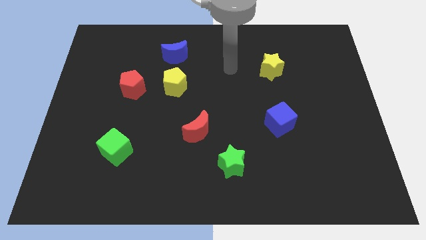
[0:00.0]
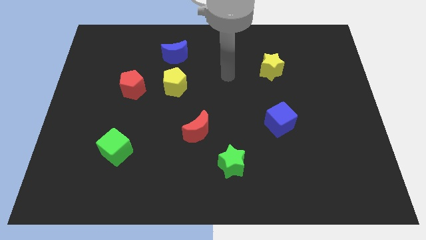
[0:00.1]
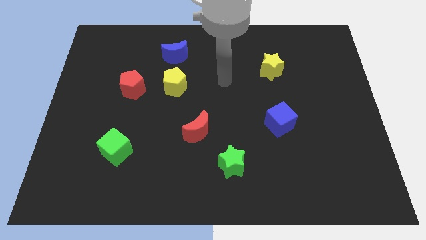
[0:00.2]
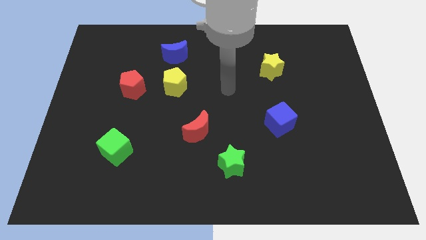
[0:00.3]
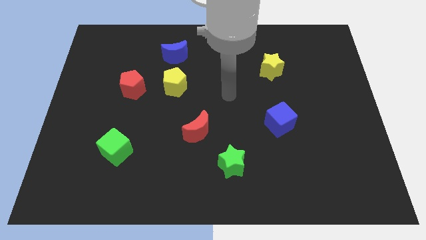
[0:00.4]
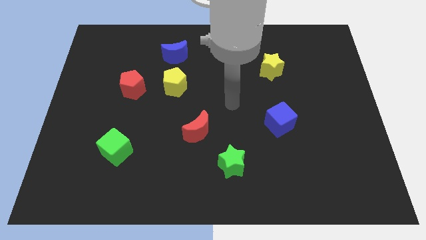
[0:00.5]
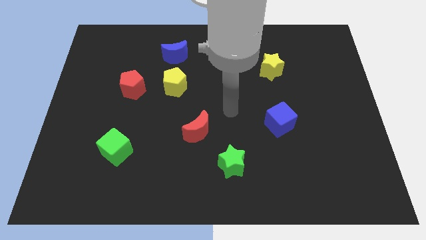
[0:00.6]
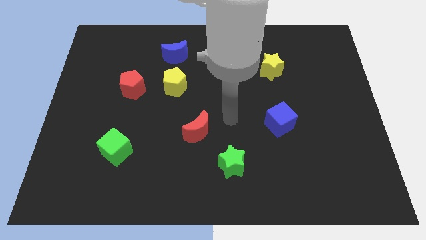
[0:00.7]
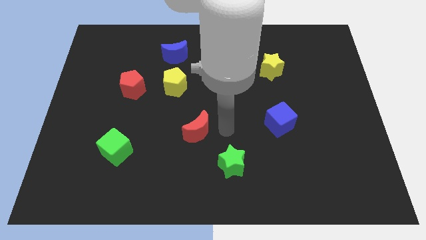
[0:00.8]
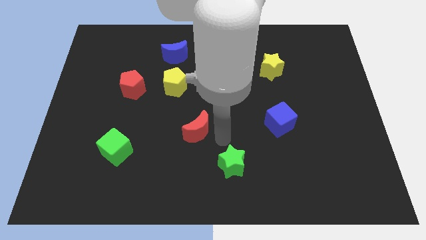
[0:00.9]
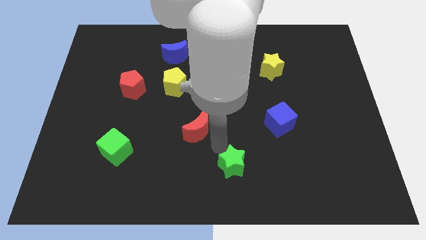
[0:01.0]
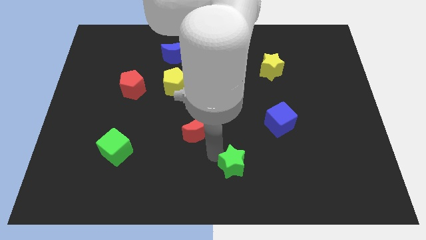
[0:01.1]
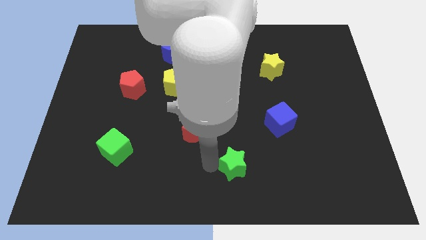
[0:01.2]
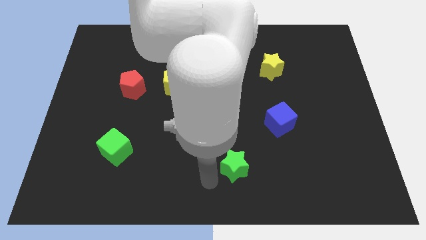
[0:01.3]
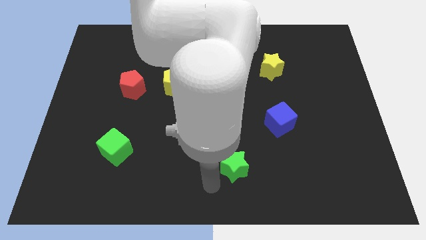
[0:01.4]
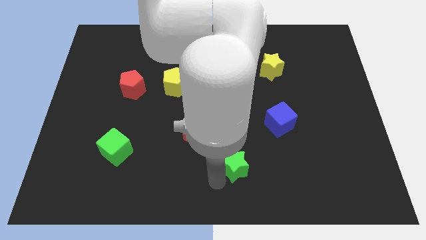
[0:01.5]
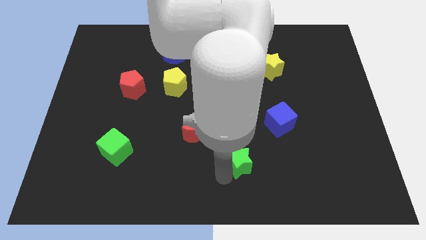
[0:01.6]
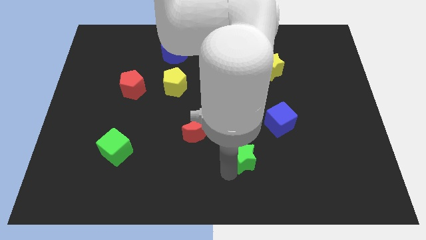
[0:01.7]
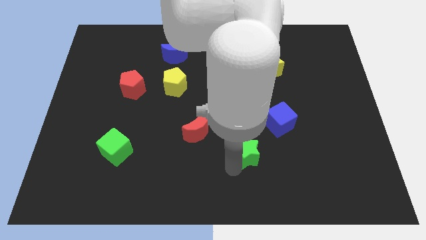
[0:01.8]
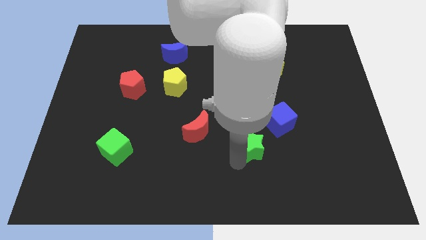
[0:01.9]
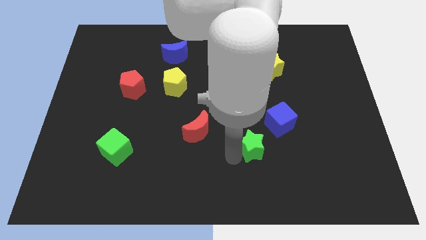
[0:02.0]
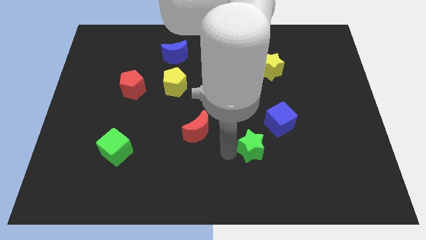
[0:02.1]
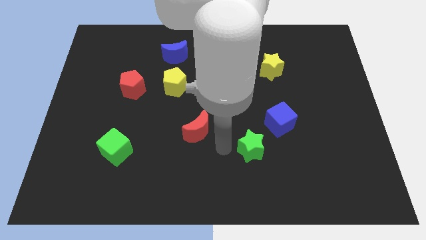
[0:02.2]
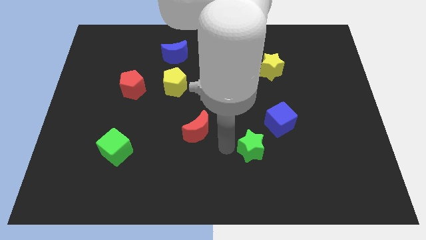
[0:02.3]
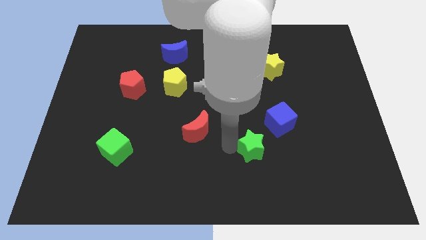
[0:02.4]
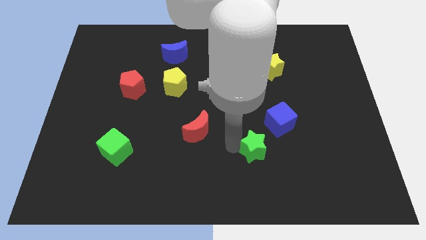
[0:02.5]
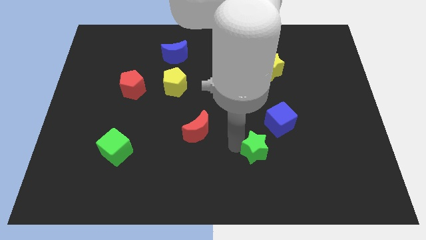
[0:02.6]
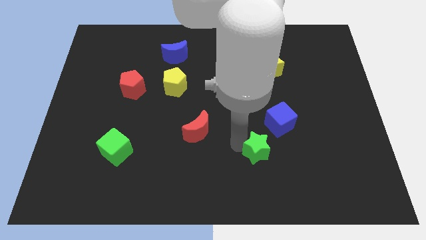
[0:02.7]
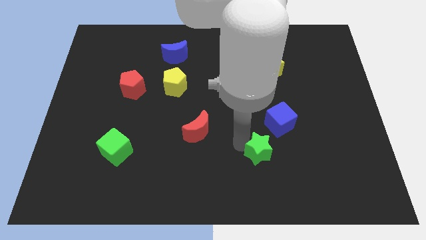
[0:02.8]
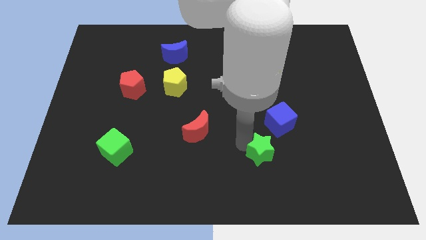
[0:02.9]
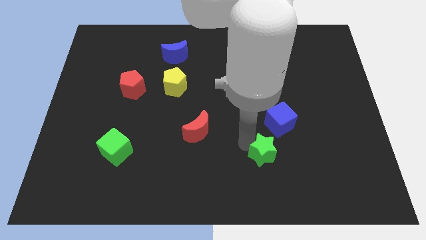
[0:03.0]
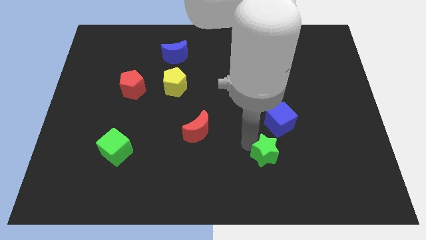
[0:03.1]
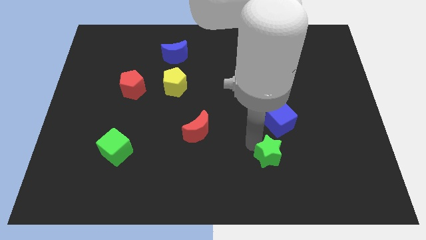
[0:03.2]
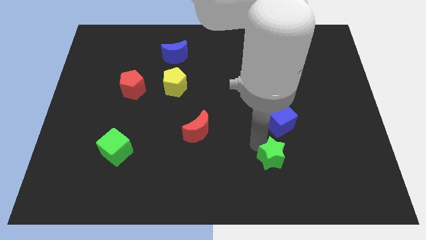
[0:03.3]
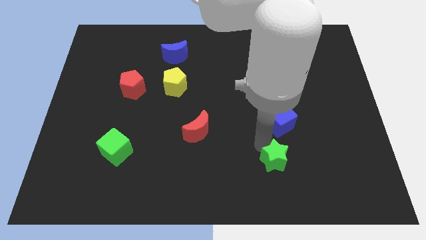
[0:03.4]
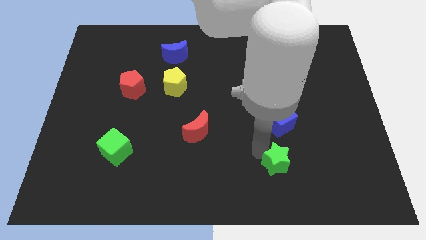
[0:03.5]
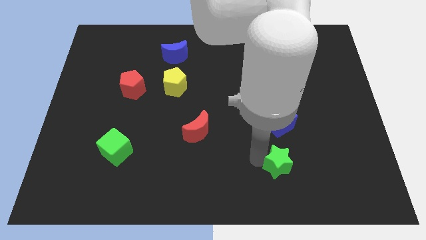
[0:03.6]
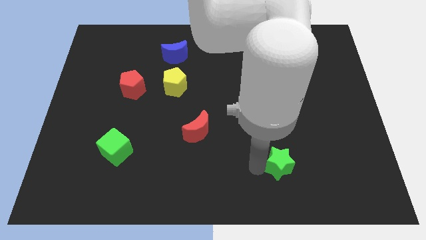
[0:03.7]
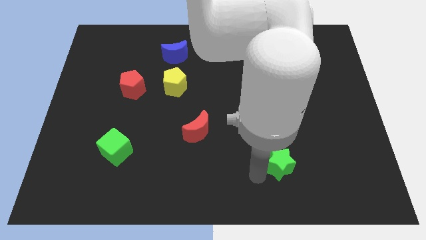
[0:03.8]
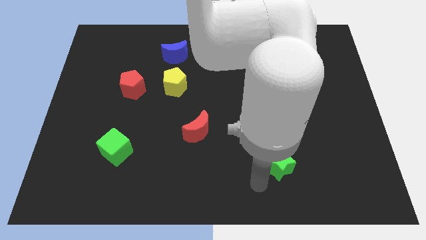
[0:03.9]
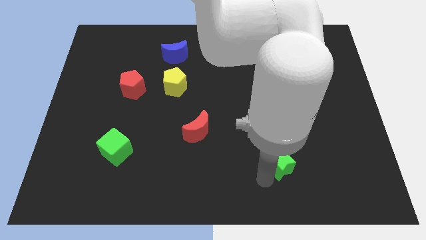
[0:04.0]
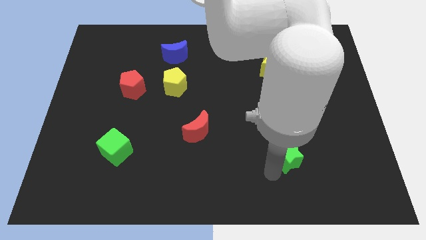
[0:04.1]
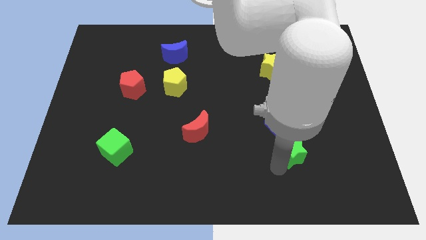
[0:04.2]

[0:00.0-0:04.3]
put the green star diagonally down and to the right of the blue cube
● ● ●
(Work instruction):
Take the preceding listing and transcribe it exactly, skipping the pictures.

(Written reply):
[0:00.0]
[0:00.1]
[0:00.2]
[0:00.3]
[0:00.4]
[0:00.5]
[0:00.6]
[0:00.7]
[0:00.8]
[0:00.9]
[0:01.0]
[0:01.1]
[0:01.2]
[0:01.3]
[0:01.4]
[0:01.5]
[0:01.6]
[0:01.7]
[0:01.8]
[0:01.9]
[0:02.0]
[0:02.1]
[0:02.2]
[0:02.3]
[0:02.4]
[0:02.5]
[0:02.6]
[0:02.7]
[0:02.8]
[0:02.9]
[0:03.0]
[0:03.1]
[0:03.2]
[0:03.3]
[0:03.4]
[0:03.5]
[0:03.6]
[0:03.7]
[0:03.8]
[0:03.9]
[0:04.0]
[0:04.1]
[0:04.2]

[0:00.0-0:04.3]
put the green star diagonally down and to the right of the blue cube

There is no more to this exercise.